### WHAT YOU ARE ASKED TO DO
Each entry that follows is to be retyped exactly. Pictures do not belong in the copy.

--- DATA SHOWN Enclosed Below ---

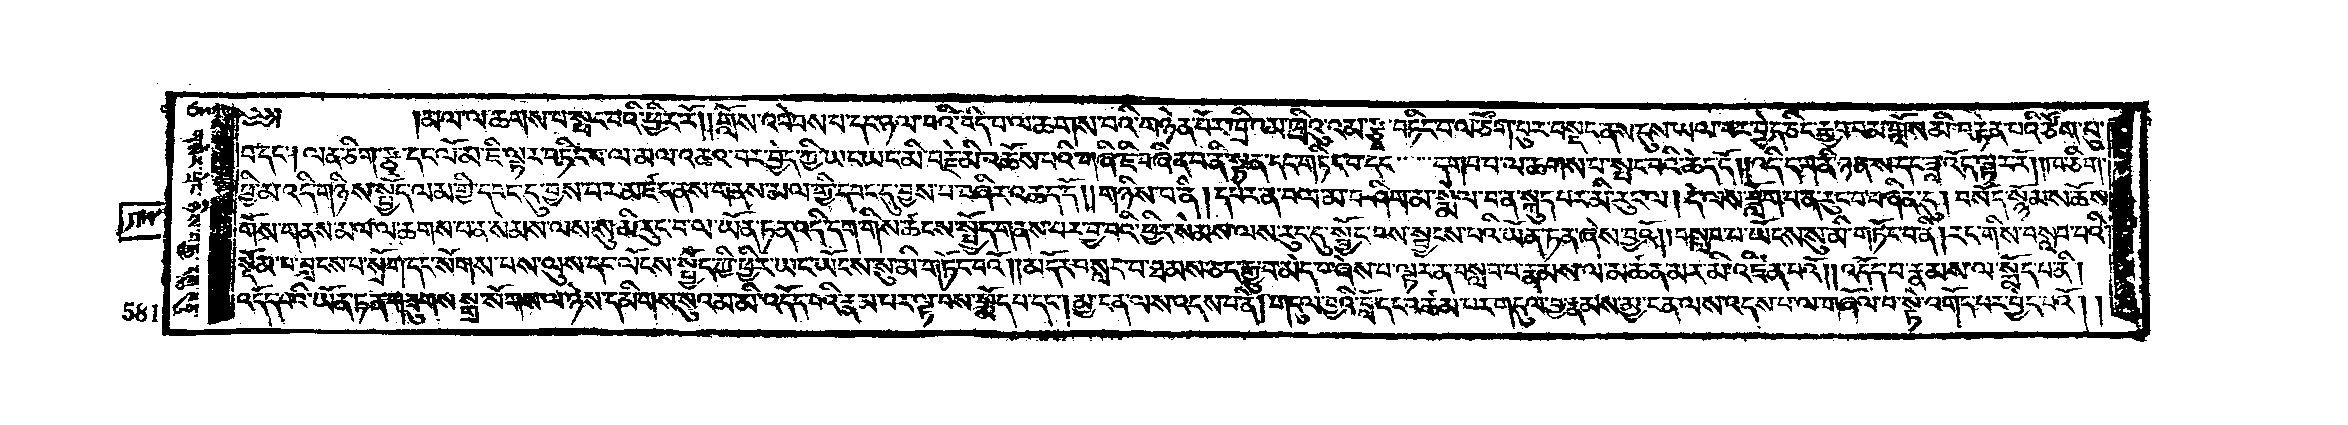༄༅། །མལ་ལ་ཆགས་པ་སྤང་བའི་ཕྱིར་རོ། །གློས་འབེབས་པ་དང་ཉལ་བའི་བདེ་བ་ལ་ཆགས་པའི་གཉེན་པོར་ཁྲི་འམ་ཁྲིའུ་འམ་རྩྭ་བཏིང་བ་ལ་ཙོག་བུར་བསྡད་ནས་དུས་ཡོལ་བར་བྱེད་ཅིང་རྒྱབ་བམ་གློས་མི་བརྟེན་པའི་ཙོག་པུ་
བ་དང་། ལན་ཅིག་རྩྭ་དང་ལོ་མ་ཇི་ལྟར་བཏིང་བ་ལ་མལ་འཆའ་བར་བྱེད་ཀྱི་ཡང་ཡང་མི་བརྟེ་མི་འཆོས་པའི་གཞི་ཇི་བཞིན་པ་ནི་སྟན་དང་གཏིང་བ་དང་དགབ་པ་ལ་ཆགས་པ་སྤང་བའི་ཆེད་དོ། །འདི་དག་ནི་ཉན་ས་དང་ཟླ་འོད་ལྟར་རོ། །ཁ་ཅིག་
ཕྱི་མ་འདི་གཉིས་སྤྱོད་ལམ་གྱི་དབང་དུ་བྱས་པར་མཛད་ནས་གནས་མལ་གྱི་དབང་དུ་བྱས་པ་བཞིར་འཆད་དོ། །གཉིས་པ་ནི། དཔེར་ན་བལ་མ་བཤིག་མ་སྨེལ་བ་ན་སྐུད་པར་མི་རུང་ལ། དེ་ལས་ཟློག་པ་ན་རུང་བ་བཞིན་དུ། བསོད་སྙོམས་ཆོས་
གོས་གནས་མལ་ལ་ཆགས་པ་ན་སེམས་ལས་སུ་མི་རུང་བ་ལ་ཡོན་ཏན་འདི་དག་གིས་ཚངས་སྤྱོད་གནས་པར་བྱ་བའི་ཕྱིར་སེམས་ལས་རུང་དུ་སྦྱོང་བས་སྦྱངས་པའི་ཡོན་ཏན་ཞེས་བྱའོ། །བསླབ་པ་ཡོངས་སུ་མི་གཏོང་བ་ནི། རང་གིས་བསླབ་པའི་
སྡོམ་པ་བླངས་པ་སྲོག་དང་སོགས་པས་ལུས་དང་ལོངས་སྤྱོད་ཀྱི་ཕྱིར་ཡང་ཡོངས་སུ་མི་གཏོང་བའོ། །མདོར་བསླབ་པ་ཐམས་ཅད་རྒྱུ་བ་མེད་པ་ཞེས་པ་ལྟར་ན་བསླབ་པ་རྣམས་ལ་མཚན་མར་མི་འཛིན་པའོ། །འདོད་པ་རྣམས་ལ་སྨོད་པ་ནི།
འདོད་པའི་ཡོན་ཏན་གཟུགས་སྒྲ་སོགས་ལ་ཉེས་དམིགས་སུའམ་མི་འདོད་པའི་རྣམ་པར་ལྟ་བས་སྨོད་པ་དང་། མྱ་ངན་ལས་འདས་པ་ནི། གདུལ་བྱའི་བློ་དང་འཚམ་པར་གདུལ་བྱ་རྣམས་མྱ་ངན་ལས་འདས་པ་ལ་གཞོལ་བ་སྟེ་འགོད་པར་བྱེད་པའོ། །

--- End of Enclosed DATA SHOWN ---

### ANSWER
༄༅། །མལ་ལ་ཆགས་པ་སྤང་བའི་ཕྱིར་རོ། །གློས་འབེབས་པ་དང་ཉལ་བའི་བདེ་བ་ལ་ཆགས་པའི་གཉེན་པོར་ཁྲི་འམ་ཁྲིའུ་འམ་རྩྭ་བཏིང་བ་ལ་ཙོག་བུར་བསྡད་ནས་དུས་ཡོལ་བར་བྱེད་ཅིང་རྒྱབ་བམ་གློས་མི་བརྟེན་པའི་ཙོག་པུ་
བ་དང་། ལན་ཅིག་རྩྭ་དང་ལོ་མ་ཇི་ལྟར་བཏིང་བ་ལ་མལ་འཆའ་བར་བྱེད་ཀྱི་ཡང་ཡང་མི་བརྟེ་མི་འཆོས་པའི་གཞི་ཇི་བཞིན་པ་ནི་སྟན་དང་གཏིང་བ་དང་དགབ་པ་ལ་ཆགས་པ་སྤང་བའི་ཆེད་དོ། །འདི་དག་ནི་ཉན་ས་དང་ཟླ་འོད་ལྟར་རོ། །ཁ་ཅིག་
ཕྱི་མ་འདི་གཉིས་སྤྱོད་ལམ་གྱི་དབང་དུ་བྱས་པར་མཛད་ནས་གནས་མལ་གྱི་དབང་དུ་བྱས་པ་བཞིར་འཆད་དོ། །གཉིས་པ་ནི། དཔེར་ན་བལ་མ་བཤིག་མ་སྨེལ་བ་ན་སྐུད་པར་མི་རུང་ལ། དེ་ལས་ཟློག་པ་ན་རུང་བ་བཞིན་དུ། བསོད་སྙོམས་ཆོས་
གོས་གནས་མལ་ལ་ཆགས་པ་ན་སེམས་ལས་སུ་མི་རུང་བ་ལ་ཡོན་ཏན་འདི་དག་གིས་ཚངས་སྤྱོད་གནས་པར་བྱ་བའི་ཕྱིར་སེམས་ལས་རུང་དུ་སྦྱོང་བས་སྦྱངས་པའི་ཡོན་ཏན་ཞེས་བྱའོ། །བསླབ་པ་ཡོངས་སུ་མི་གཏོང་བ་ནི། རང་གིས་བསླབ་པའི་
སྡོམ་པ་བླངས་པ་སྲོག་དང་སོགས་པས་ལུས་དང་ལོངས་སྤྱོད་ཀྱི་ཕྱིར་ཡང་ཡོངས་སུ་མི་གཏོང་བའོ། །མདོར་བསླབ་པ་ཐམས་ཅད་རྒྱུ་བ་མེད་པ་ཞེས་པ་ལྟར་ན་བསླབ་པ་རྣམས་ལ་མཚན་མར་མི་འཛིན་པའོ། །འདོད་པ་རྣམས་ལ་སྨོད་པ་ནི།
འདོད་པའི་ཡོན་ཏན་གཟུགས་སྒྲ་སོགས་ལ་ཉེས་དམིགས་སུའམ་མི་འདོད་པའི་རྣམ་པར་ལྟ་བས་སྨོད་པ་དང་། མྱ་ངན་ལས་འདས་པ་ནི། གདུལ་བྱའི་བློ་དང་འཚམ་པར་གདུལ་བྱ་རྣམས་མྱ་ངན་ལས་འདས་པ་ལ་གཞོལ་བ་སྟེ་འགོད་པར་བྱེད་པའོ། །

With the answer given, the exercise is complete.